__Work required__. Give back the entire listing verbatim.

---------------

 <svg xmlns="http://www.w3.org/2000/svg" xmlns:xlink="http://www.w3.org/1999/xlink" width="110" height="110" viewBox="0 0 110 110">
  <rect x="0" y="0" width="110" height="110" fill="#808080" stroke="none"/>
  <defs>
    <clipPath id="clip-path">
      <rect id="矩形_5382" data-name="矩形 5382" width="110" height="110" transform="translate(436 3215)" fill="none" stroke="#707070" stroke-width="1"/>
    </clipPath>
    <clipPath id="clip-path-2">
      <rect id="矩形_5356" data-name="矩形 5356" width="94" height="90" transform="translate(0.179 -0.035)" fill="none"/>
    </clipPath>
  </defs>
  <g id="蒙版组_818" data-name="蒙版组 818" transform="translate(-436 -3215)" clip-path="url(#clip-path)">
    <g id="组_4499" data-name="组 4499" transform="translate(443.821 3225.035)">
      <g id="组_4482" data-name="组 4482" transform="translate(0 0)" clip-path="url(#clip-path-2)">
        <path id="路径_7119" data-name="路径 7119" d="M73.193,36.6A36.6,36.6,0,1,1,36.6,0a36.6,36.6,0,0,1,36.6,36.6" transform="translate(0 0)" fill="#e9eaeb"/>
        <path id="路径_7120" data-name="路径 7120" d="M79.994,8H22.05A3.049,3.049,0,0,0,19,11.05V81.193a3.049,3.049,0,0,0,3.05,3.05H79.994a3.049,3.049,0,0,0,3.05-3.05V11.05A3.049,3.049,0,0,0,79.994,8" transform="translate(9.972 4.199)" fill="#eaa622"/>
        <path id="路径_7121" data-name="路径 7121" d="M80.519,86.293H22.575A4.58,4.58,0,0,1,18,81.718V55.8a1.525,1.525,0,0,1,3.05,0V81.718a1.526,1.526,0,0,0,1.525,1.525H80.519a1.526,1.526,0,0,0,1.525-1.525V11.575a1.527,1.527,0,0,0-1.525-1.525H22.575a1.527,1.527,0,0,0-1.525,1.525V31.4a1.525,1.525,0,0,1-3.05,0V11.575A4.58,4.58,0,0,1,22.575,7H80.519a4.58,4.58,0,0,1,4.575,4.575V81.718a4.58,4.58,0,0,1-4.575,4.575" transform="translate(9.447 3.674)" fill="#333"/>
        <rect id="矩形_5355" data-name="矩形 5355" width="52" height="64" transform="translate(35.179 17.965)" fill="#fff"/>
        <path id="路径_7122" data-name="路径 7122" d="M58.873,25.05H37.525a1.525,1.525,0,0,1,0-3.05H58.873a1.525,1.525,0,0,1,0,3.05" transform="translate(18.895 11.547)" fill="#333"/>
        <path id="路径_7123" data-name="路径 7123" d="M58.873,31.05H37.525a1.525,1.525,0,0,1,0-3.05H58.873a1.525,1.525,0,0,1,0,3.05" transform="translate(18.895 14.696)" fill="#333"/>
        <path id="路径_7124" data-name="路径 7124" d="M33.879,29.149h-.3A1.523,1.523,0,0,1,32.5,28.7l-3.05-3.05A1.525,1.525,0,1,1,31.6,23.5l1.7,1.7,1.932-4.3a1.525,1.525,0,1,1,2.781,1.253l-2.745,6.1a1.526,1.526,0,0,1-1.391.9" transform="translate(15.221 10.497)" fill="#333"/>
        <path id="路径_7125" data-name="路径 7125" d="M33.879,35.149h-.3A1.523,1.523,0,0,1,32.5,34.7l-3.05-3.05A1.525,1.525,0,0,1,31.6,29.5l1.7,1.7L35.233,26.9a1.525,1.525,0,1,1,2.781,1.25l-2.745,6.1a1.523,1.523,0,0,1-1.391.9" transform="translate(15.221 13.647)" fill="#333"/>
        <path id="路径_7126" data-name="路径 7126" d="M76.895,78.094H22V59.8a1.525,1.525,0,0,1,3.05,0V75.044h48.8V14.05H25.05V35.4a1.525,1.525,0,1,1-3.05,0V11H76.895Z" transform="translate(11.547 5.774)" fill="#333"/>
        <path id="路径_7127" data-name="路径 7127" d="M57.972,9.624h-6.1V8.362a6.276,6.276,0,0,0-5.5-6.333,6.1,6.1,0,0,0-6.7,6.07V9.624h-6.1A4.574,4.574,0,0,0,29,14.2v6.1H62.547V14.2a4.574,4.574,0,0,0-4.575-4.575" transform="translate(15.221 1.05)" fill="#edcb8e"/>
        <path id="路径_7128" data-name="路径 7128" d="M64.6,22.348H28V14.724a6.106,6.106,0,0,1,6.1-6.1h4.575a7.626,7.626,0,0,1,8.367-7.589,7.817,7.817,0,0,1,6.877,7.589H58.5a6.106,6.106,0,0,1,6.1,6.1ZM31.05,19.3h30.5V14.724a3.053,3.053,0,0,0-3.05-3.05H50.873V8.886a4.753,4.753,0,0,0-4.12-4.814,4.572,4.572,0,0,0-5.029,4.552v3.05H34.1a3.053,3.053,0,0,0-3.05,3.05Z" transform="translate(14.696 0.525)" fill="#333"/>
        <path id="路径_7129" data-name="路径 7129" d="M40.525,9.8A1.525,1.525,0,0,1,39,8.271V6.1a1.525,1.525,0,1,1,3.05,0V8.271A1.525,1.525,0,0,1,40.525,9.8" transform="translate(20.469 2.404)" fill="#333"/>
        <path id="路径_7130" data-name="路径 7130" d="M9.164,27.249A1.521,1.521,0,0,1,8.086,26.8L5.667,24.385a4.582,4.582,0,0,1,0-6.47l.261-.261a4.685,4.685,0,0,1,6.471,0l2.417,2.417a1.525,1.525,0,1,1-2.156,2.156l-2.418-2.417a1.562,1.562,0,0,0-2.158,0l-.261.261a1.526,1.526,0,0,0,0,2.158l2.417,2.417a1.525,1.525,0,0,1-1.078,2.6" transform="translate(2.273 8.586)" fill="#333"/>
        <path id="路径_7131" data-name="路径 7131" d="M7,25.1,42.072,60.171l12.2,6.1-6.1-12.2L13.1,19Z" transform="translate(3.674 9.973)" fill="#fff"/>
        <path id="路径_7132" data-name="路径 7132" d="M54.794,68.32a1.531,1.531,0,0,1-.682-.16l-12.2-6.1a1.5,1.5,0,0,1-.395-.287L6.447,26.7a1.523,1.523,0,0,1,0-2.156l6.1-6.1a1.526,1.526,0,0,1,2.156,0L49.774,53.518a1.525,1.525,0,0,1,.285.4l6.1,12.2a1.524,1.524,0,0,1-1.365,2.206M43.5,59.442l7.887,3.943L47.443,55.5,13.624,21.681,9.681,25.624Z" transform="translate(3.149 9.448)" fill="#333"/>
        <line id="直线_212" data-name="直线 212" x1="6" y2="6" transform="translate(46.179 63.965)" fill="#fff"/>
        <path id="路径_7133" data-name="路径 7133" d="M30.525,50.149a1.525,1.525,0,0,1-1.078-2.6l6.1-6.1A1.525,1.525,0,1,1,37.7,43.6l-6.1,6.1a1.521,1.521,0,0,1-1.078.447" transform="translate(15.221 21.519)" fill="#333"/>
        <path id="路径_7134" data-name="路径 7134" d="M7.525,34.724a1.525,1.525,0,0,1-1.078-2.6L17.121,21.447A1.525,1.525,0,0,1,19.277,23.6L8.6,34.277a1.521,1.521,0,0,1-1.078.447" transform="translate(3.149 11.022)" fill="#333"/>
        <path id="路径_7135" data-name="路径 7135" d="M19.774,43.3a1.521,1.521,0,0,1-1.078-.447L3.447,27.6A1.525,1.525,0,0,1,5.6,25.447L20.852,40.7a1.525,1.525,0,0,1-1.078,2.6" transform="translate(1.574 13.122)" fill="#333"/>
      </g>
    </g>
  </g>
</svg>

---------------

__Final answer__.
 <svg xmlns="http://www.w3.org/2000/svg" xmlns:xlink="http://www.w3.org/1999/xlink" width="110" height="110" viewBox="0 0 110 110">
  <rect x="0" y="0" width="110" height="110" fill="#808080" stroke="none"/>
  <defs>
    <clipPath id="clip-path">
      <rect id="矩形_5382" data-name="矩形 5382" width="110" height="110" transform="translate(436 3215)" fill="none" stroke="#707070" stroke-width="1"/>
    </clipPath>
    <clipPath id="clip-path-2">
      <rect id="矩形_5356" data-name="矩形 5356" width="94" height="90" transform="translate(0.179 -0.035)" fill="none"/>
    </clipPath>
  </defs>
  <g id="蒙版组_818" data-name="蒙版组 818" transform="translate(-436 -3215)" clip-path="url(#clip-path)">
    <g id="组_4499" data-name="组 4499" transform="translate(443.821 3225.035)">
      <g id="组_4482" data-name="组 4482" transform="translate(0 0)" clip-path="url(#clip-path-2)">
        <path id="路径_7119" data-name="路径 7119" d="M73.193,36.6A36.6,36.6,0,1,1,36.6,0a36.6,36.6,0,0,1,36.6,36.6" transform="translate(0 0)" fill="#e9eaeb"/>
        <path id="路径_7120" data-name="路径 7120" d="M79.994,8H22.05A3.049,3.049,0,0,0,19,11.05V81.193a3.049,3.049,0,0,0,3.05,3.05H79.994a3.049,3.049,0,0,0,3.05-3.05V11.05A3.049,3.049,0,0,0,79.994,8" transform="translate(9.972 4.199)" fill="#eaa622"/>
        <path id="路径_7121" data-name="路径 7121" d="M80.519,86.293H22.575A4.58,4.58,0,0,1,18,81.718V55.8a1.525,1.525,0,0,1,3.05,0V81.718a1.526,1.526,0,0,0,1.525,1.525H80.519a1.526,1.526,0,0,0,1.525-1.525V11.575a1.527,1.527,0,0,0-1.525-1.525H22.575a1.527,1.527,0,0,0-1.525,1.525V31.4a1.525,1.525,0,0,1-3.05,0V11.575A4.58,4.58,0,0,1,22.575,7H80.519a4.58,4.58,0,0,1,4.575,4.575V81.718a4.58,4.58,0,0,1-4.575,4.575" transform="translate(9.447 3.674)" fill="#333"/>
        <rect id="矩形_5355" data-name="矩形 5355" width="52" height="64" transform="translate(35.179 17.965)" fill="#fff"/>
        <path id="路径_7122" data-name="路径 7122" d="M58.873,25.05H37.525a1.525,1.525,0,0,1,0-3.05H58.873a1.525,1.525,0,0,1,0,3.05" transform="translate(18.895 11.547)" fill="#333"/>
        <path id="路径_7123" data-name="路径 7123" d="M58.873,31.05H37.525a1.525,1.525,0,0,1,0-3.05H58.873a1.525,1.525,0,0,1,0,3.05" transform="translate(18.895 14.696)" fill="#333"/>
        <path id="路径_7124" data-name="路径 7124" d="M33.879,29.149h-.3A1.523,1.523,0,0,1,32.5,28.7l-3.05-3.05A1.525,1.525,0,1,1,31.6,23.5l1.7,1.7,1.932-4.3a1.525,1.525,0,1,1,2.781,1.253l-2.745,6.1a1.526,1.526,0,0,1-1.391.9" transform="translate(15.221 10.497)" fill="#333"/>
        <path id="路径_7125" data-name="路径 7125" d="M33.879,35.149h-.3A1.523,1.523,0,0,1,32.5,34.7l-3.05-3.05A1.525,1.525,0,0,1,31.6,29.5l1.7,1.7L35.233,26.9a1.525,1.525,0,1,1,2.781,1.25l-2.745,6.1a1.523,1.523,0,0,1-1.391.9" transform="translate(15.221 13.647)" fill="#333"/>
        <path id="路径_7126" data-name="路径 7126" d="M76.895,78.094H22V59.8a1.525,1.525,0,0,1,3.05,0V75.044h48.8V14.05H25.05V35.4a1.525,1.525,0,1,1-3.05,0V11H76.895Z" transform="translate(11.547 5.774)" fill="#333"/>
        <path id="路径_7127" data-name="路径 7127" d="M57.972,9.624h-6.1V8.362a6.276,6.276,0,0,0-5.5-6.333,6.1,6.1,0,0,0-6.7,6.07V9.624h-6.1A4.574,4.574,0,0,0,29,14.2v6.1H62.547V14.2a4.574,4.574,0,0,0-4.575-4.575" transform="translate(15.221 1.05)" fill="#edcb8e"/>
        <path id="路径_7128" data-name="路径 7128" d="M64.6,22.348H28V14.724a6.106,6.106,0,0,1,6.1-6.1h4.575a7.626,7.626,0,0,1,8.367-7.589,7.817,7.817,0,0,1,6.877,7.589H58.5a6.106,6.106,0,0,1,6.1,6.1ZM31.05,19.3h30.5V14.724a3.053,3.053,0,0,0-3.05-3.05H50.873V8.886a4.753,4.753,0,0,0-4.12-4.814,4.572,4.572,0,0,0-5.029,4.552v3.05H34.1a3.053,3.053,0,0,0-3.05,3.05Z" transform="translate(14.696 0.525)" fill="#333"/>
        <path id="路径_7129" data-name="路径 7129" d="M40.525,9.8A1.525,1.525,0,0,1,39,8.271V6.1a1.525,1.525,0,1,1,3.05,0V8.271A1.525,1.525,0,0,1,40.525,9.8" transform="translate(20.469 2.404)" fill="#333"/>
        <path id="路径_7130" data-name="路径 7130" d="M9.164,27.249A1.521,1.521,0,0,1,8.086,26.8L5.667,24.385a4.582,4.582,0,0,1,0-6.47l.261-.261a4.685,4.685,0,0,1,6.471,0l2.417,2.417a1.525,1.525,0,1,1-2.156,2.156l-2.418-2.417a1.562,1.562,0,0,0-2.158,0l-.261.261a1.526,1.526,0,0,0,0,2.158l2.417,2.417a1.525,1.525,0,0,1-1.078,2.6" transform="translate(2.273 8.586)" fill="#333"/>
        <path id="路径_7131" data-name="路径 7131" d="M7,25.1,42.072,60.171l12.2,6.1-6.1-12.2L13.1,19Z" transform="translate(3.674 9.973)" fill="#fff"/>
        <path id="路径_7132" data-name="路径 7132" d="M54.794,68.32a1.531,1.531,0,0,1-.682-.16l-12.2-6.1a1.5,1.5,0,0,1-.395-.287L6.447,26.7a1.523,1.523,0,0,1,0-2.156l6.1-6.1a1.526,1.526,0,0,1,2.156,0L49.774,53.518a1.525,1.525,0,0,1,.285.4l6.1,12.2a1.524,1.524,0,0,1-1.365,2.206M43.5,59.442l7.887,3.943L47.443,55.5,13.624,21.681,9.681,25.624Z" transform="translate(3.149 9.448)" fill="#333"/>
        <line id="直线_212" data-name="直线 212" x1="6" y2="6" transform="translate(46.179 63.965)" fill="#fff"/>
        <path id="路径_7133" data-name="路径 7133" d="M30.525,50.149a1.525,1.525,0,0,1-1.078-2.6l6.1-6.1A1.525,1.525,0,1,1,37.7,43.6l-6.1,6.1a1.521,1.521,0,0,1-1.078.447" transform="translate(15.221 21.519)" fill="#333"/>
        <path id="路径_7134" data-name="路径 7134" d="M7.525,34.724a1.525,1.525,0,0,1-1.078-2.6L17.121,21.447A1.525,1.525,0,0,1,19.277,23.6L8.6,34.277a1.521,1.521,0,0,1-1.078.447" transform="translate(3.149 11.022)" fill="#333"/>
        <path id="路径_7135" data-name="路径 7135" d="M19.774,43.3a1.521,1.521,0,0,1-1.078-.447L3.447,27.6A1.525,1.525,0,0,1,5.6,25.447L20.852,40.7a1.525,1.525,0,0,1-1.078,2.6" transform="translate(1.574 13.122)" fill="#333"/>
      </g>
    </g>
  </g>
</svg>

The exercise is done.